Reconciliation Order and Dependencies

Flux does not infer all ordering automatically. The workflow depends on explicit dependency management where needed.

Typical ordering concerns include:

  • source objects must exist before install Kustomization objects that depend on them

  • operator or CRD providers must be ready before dependent custom resources are applied

  • cluster-local values or secrets may need to exist before a service can reconcile successfully

That is why cluster repos commonly use dependsOn relationships between Flux Kustomization objects.

In practice, the expected order is usually:

  1. apply the source object

  2. apply the install Kustomization

  3. apply cluster-local overlays, overrides, secrets, and workload custom resources

Drift Detection and Remediation

Drift happens when the live cluster state differs from the Git-declared state. Common causes include:

  • direct kubectl apply or kubectl edit

  • manual changes to Helm-managed resources

  • controller behavior that mutates managed resources outside the expected configuration

Flux corrects drift in two ways.

Periodic reconciliation re-runs on the configured interval.
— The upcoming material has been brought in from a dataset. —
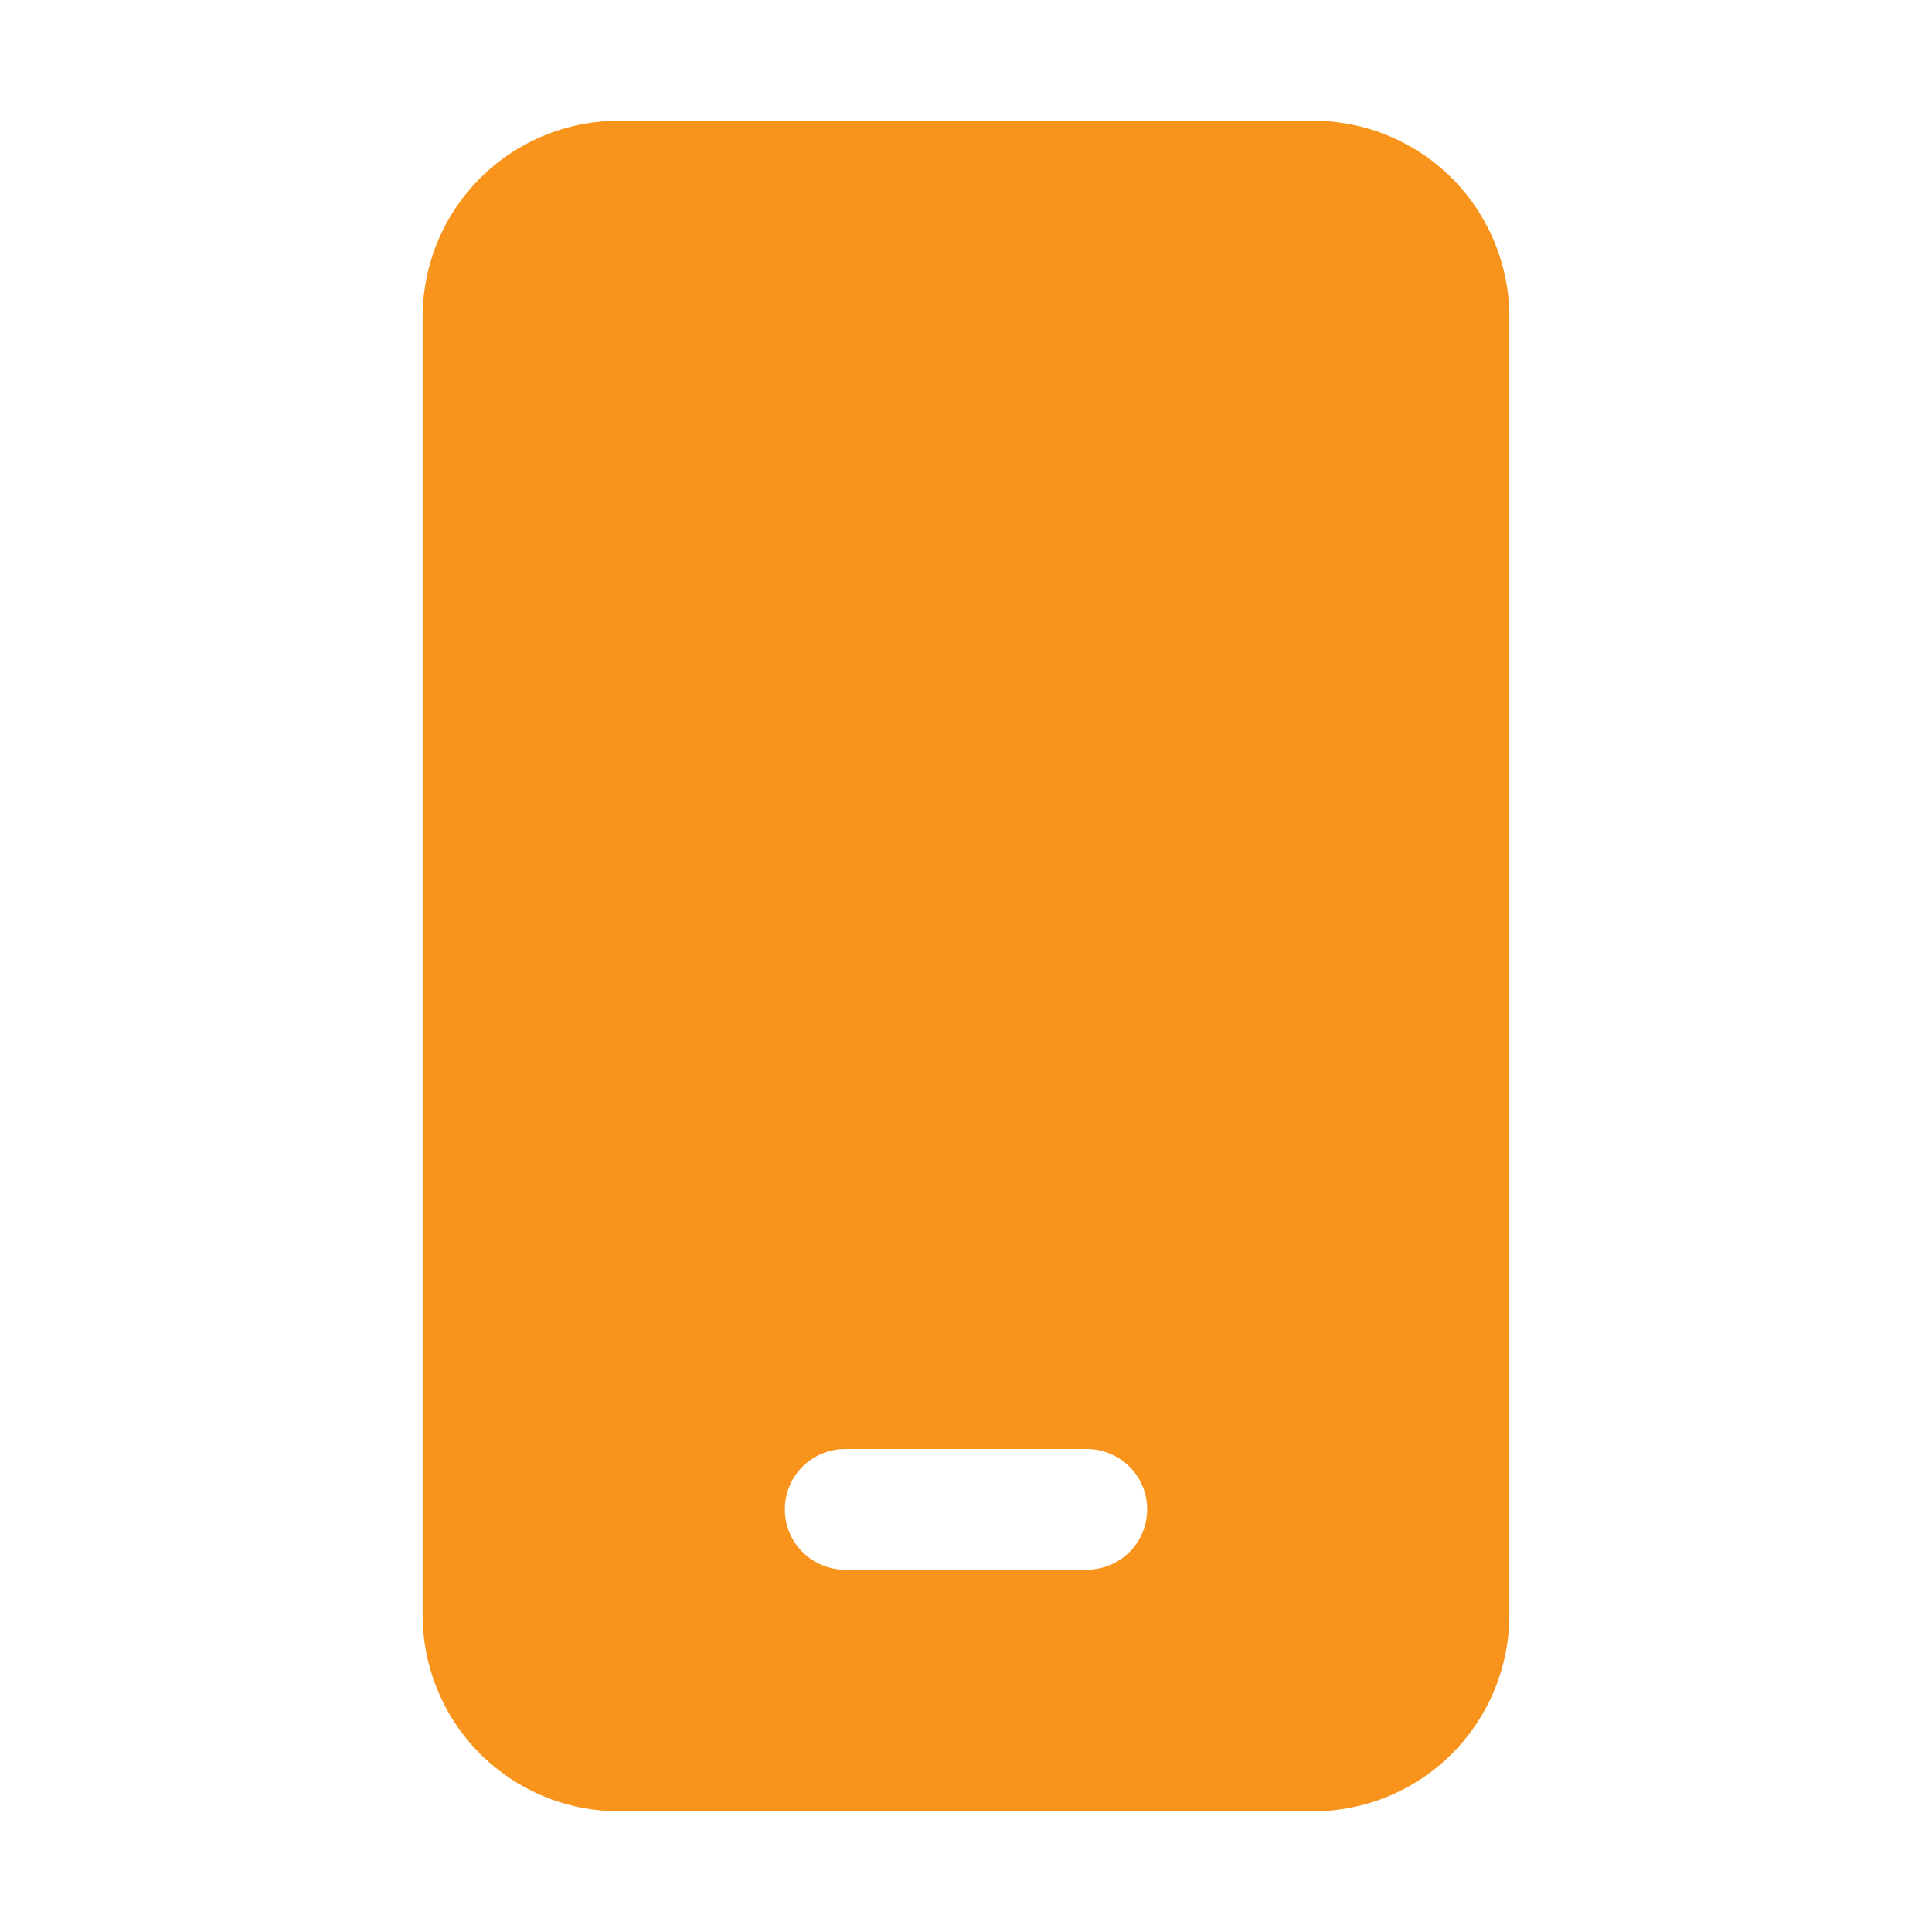 <svg width="21" height="21" viewBox="0 0 21 21" fill="none" xmlns="http://www.w3.org/2000/svg">
<path d="M6.727 1.312C6.161 1.312 5.618 1.537 5.218 1.937C4.818 2.337 4.594 2.88 4.594 3.445V17.555C4.594 18.12 4.818 18.663 5.218 19.063C5.618 19.463 6.161 19.688 6.727 19.688H14.273C14.839 19.688 15.382 19.463 15.782 19.063C16.181 18.663 16.406 18.12 16.406 17.555V3.445C16.406 2.88 16.181 2.337 15.782 1.937C15.382 1.537 14.839 1.312 14.273 1.312H6.727ZM9.188 15.75H11.812C11.986 15.75 12.153 15.819 12.277 15.942C12.4 16.065 12.469 16.232 12.469 16.406C12.469 16.58 12.4 16.747 12.277 16.87C12.153 16.993 11.986 17.062 11.812 17.062H9.188C9.013 17.062 8.847 16.993 8.723 16.87C8.6 16.747 8.531 16.58 8.531 16.406C8.531 16.232 8.6 16.065 8.723 15.942C8.847 15.819 9.013 15.75 9.188 15.75Z" fill="#F8941C"/>
</svg>

Drift detection mode on HelmRelease resources can trigger faster correction when managed resources change unexpectedly.

For example, the current cert-manager base release uses:

driftDetection:
  mode: enabled

Install and Upgrade Remediation

The current base Helm pattern uses different remediation behavior for install and upgrade.

For cert-manager, the release currently uses:

install:
  remediation:
    retries: 3
    remediateLastFailure: true
upgrade:
  remediation:
    retries: 0
    remediateLastFailure: false

This means:

  • install failures are retried because they are often transient

  • upgrade failures are not retried automatically because they often need human review

That asymmetric policy is consistent with the broader openCenter service patterns.

Why This Workflow Works

The current GitOps workflow works because it keeps responsibilities separate:

  • the base repo owns reusable install content

  • the enterprise repo owns private additive deltas

  • the cluster repo owns deployment intent and local configuration

  • Flux owns reconciliation inside the cluster

This gives the platform:

  • reusable base service definitions

  • clear ownership boundaries

  • support for both community and enterprise delivery

  • support for Helm-based, manifest-only, and staged operator-driven services

  • continuous correction of configuration drift

Trade-offs and Limitations

This workflow has real costs.

Multi-repo indirection Understanding final cluster state may require checking the cluster repo, the base repo, and sometimes the enterprise repo.

Controller layering Debugging often means following source status, Kustomization status, and then HelmRelease status.

Reconciliation delay Changes are not instant. Source refresh intervals and later reconciliation intervals add delay unless operators force reconciliation manually.

Dependency sensitivity Staged or operator-driven installs can fail if prerequisites such as CRDs, secrets, or source objects are not ready yet.

Operational exceptions remain Some tasks still do not fit GitOps cleanly, such as emergency fixes, one-time operational procedures, or external secret rotation workflows.

When GitOps Does Not Fit Cleanly

GitOps is strong for declarative desired state, but it is not the right tool for every action.

Examples include:

  • one-time migrations

  • imperative recovery steps during outages

  • node operations such as drain or cordon

  • coordinated secret rotation with external systems

For those cases, openCenter still uses imperative operational procedures alongside GitOps-managed configuration.